Your author was recently confined on a 5-hour cross county flight and spent the time carefully re-reading the Survey Process Guide, and we believe it contains the key to successfully mastering compliance with the new abridged standards format. In fact, we would encourage our readers to use the SPG exclusively during your preparation and self-evaluation of compliance. Giving a department head a chapter directly from the new standards manual lacks required depth and details that are more easily and better understood by studying the survey process guide.
For 2026, JC has eliminated its “secret surveyor” version of the Survey Process Guide so that healthcare organization leaders can now see the probe questions surveyor will ask, specific documents JC will ask to review, the patients or staff JC suggests the discussion take place with, and the types of compliance evidence JC will be looking for during their evaluation of every CoP. As such, we suggest using the new SPG as an “open book test,” sitting down with staff in different areas of the organization and asking the same questions, of the same staff, and reviewing the same documentation that JC will ask to see. The table of contents section of the SPG is hyperlinked, allowing readers to quickly find their appropriate section, or you could also perform a PDF word search.
Most Frequently Scored, “High Priority” Standards:
We often discuss the most frequently scored standards that are published usually in the Spring each year in Perspectives. The January issue of Perspectives has slightly different approach, discussing frequently scored issues that are also rated as higher risk using their subjective SAFER Matrix. While this methodology doesn’t directly identify the risk of being scored noncompliant on any given standard, it perhaps is indicative of standards that might often be scored noncompliant, leading surveyors to believe there is greater risk, which is a traditional factor in identifying issues that are more likely to be scored at a CoP level.
Another new presentation technique JC uses is that they no longer identify a specific standard or EP, but rather a generic organizational process such as reducing healthcare associated infections, providing a clean and odor free environment, or safely and accurately administering medications. JC has identified five (5) generic clinical areas and five (5) generic physical environment (EC+LS) issues that pose a scoring risk from both a frequency perspective and a clinical risk perspective.

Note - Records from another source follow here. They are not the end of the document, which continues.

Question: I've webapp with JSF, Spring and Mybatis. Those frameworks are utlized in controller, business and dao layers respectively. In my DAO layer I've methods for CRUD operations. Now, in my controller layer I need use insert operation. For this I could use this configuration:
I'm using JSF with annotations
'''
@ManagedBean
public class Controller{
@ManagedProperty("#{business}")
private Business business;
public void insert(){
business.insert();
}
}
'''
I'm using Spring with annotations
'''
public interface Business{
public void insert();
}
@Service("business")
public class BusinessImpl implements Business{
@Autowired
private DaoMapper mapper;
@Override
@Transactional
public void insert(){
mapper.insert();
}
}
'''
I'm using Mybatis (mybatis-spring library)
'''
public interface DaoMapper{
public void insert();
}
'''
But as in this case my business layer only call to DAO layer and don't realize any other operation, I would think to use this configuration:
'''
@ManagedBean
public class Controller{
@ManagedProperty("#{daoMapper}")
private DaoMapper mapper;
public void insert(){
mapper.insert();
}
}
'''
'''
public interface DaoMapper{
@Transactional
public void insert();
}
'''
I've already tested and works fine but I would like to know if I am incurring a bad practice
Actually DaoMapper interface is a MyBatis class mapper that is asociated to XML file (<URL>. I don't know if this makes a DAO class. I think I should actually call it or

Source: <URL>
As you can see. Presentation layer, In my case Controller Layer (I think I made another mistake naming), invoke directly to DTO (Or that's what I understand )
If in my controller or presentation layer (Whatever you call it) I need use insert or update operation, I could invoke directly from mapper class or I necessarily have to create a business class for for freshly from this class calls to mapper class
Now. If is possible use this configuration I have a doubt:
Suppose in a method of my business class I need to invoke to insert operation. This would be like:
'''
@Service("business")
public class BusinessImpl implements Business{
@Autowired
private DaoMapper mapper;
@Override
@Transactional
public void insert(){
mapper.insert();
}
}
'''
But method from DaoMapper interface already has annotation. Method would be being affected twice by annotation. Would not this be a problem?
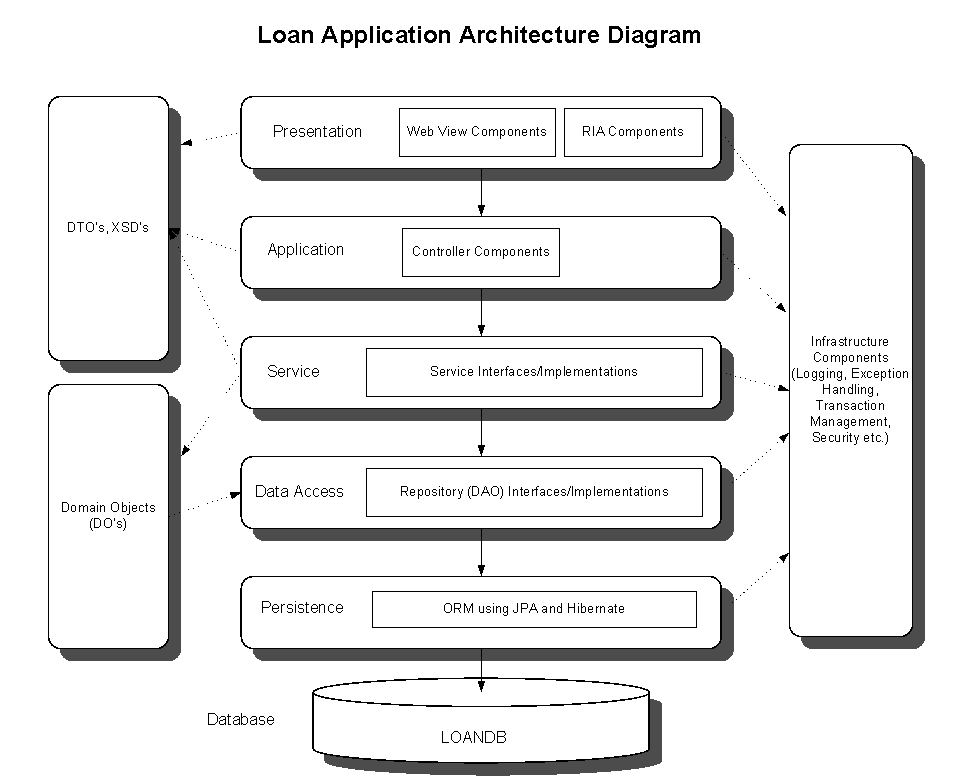
Answer: I suggest not using DAO in controller directly. In my opinion. Dao layer is the mapping from database, like if you want to change another database(eg. from sql to nosql) , the only thing is only create a new DAO and injected, but leave controller&Service functions not changed at all. So is the controller, its main responsibility is to handle the request and response, the work should be done by business/service layer. If it's wrong appreciate to point

The five generic clinical risk issues are:
- Conducting activities to reduce healthcare associated infections
- Safely and accurately administering medications
- Implementing nursing policies
- Ensuring availability of resuscitation equipment and supplies
- Conducting a pre-anesthesia assessment
The five generic physical environment issues are:
- Maintaining interior spaces that are safe and suitable to the care, treatment and services provided.

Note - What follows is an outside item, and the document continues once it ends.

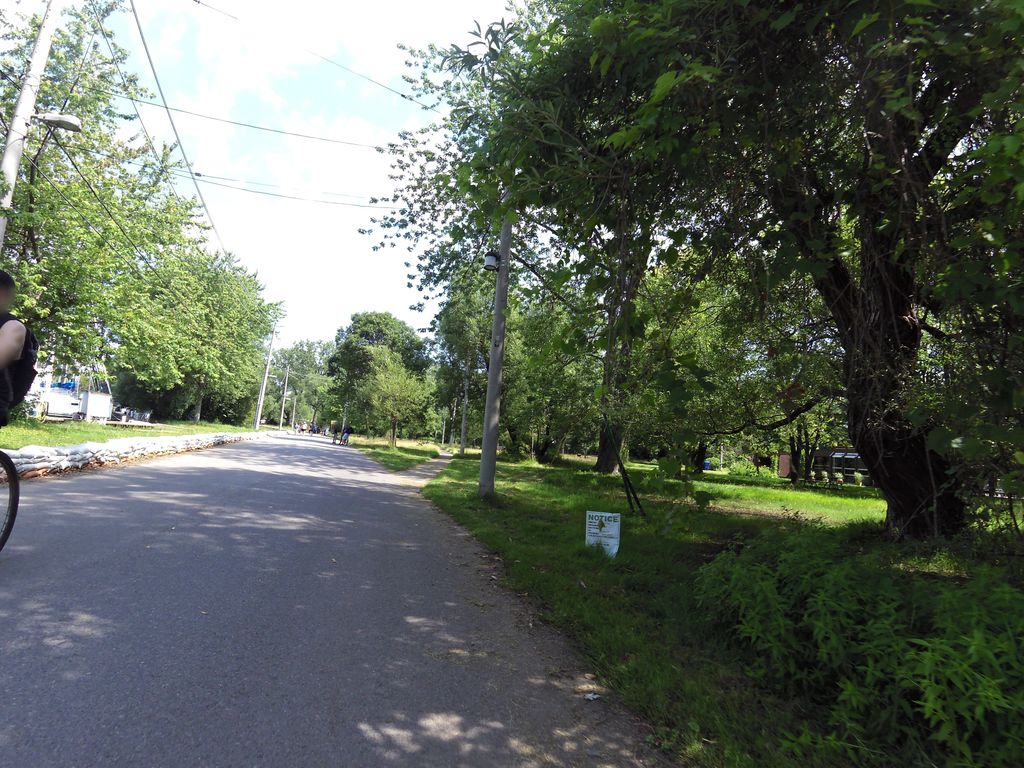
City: toronto

- Ensuring critical pressure relationships
- Providing a clean, odor free environment
- Properly handling and storing hazardous chemicals
- Properly maintaining and ensuring safety of furnishings
As you look at these ten (10) generic issues, you may be wondering; “what exactly are they describing.” Well, Perspectives provides some examples of the types of issues that would fall under each generic category. For example, under reducing healthcare associated infections they suggest:
- Expired or improperly stored supplies and equipment
- Noncompliance with infection prevention protocols and MIFU
- Improper use or lack of personal protective equipment (PPE).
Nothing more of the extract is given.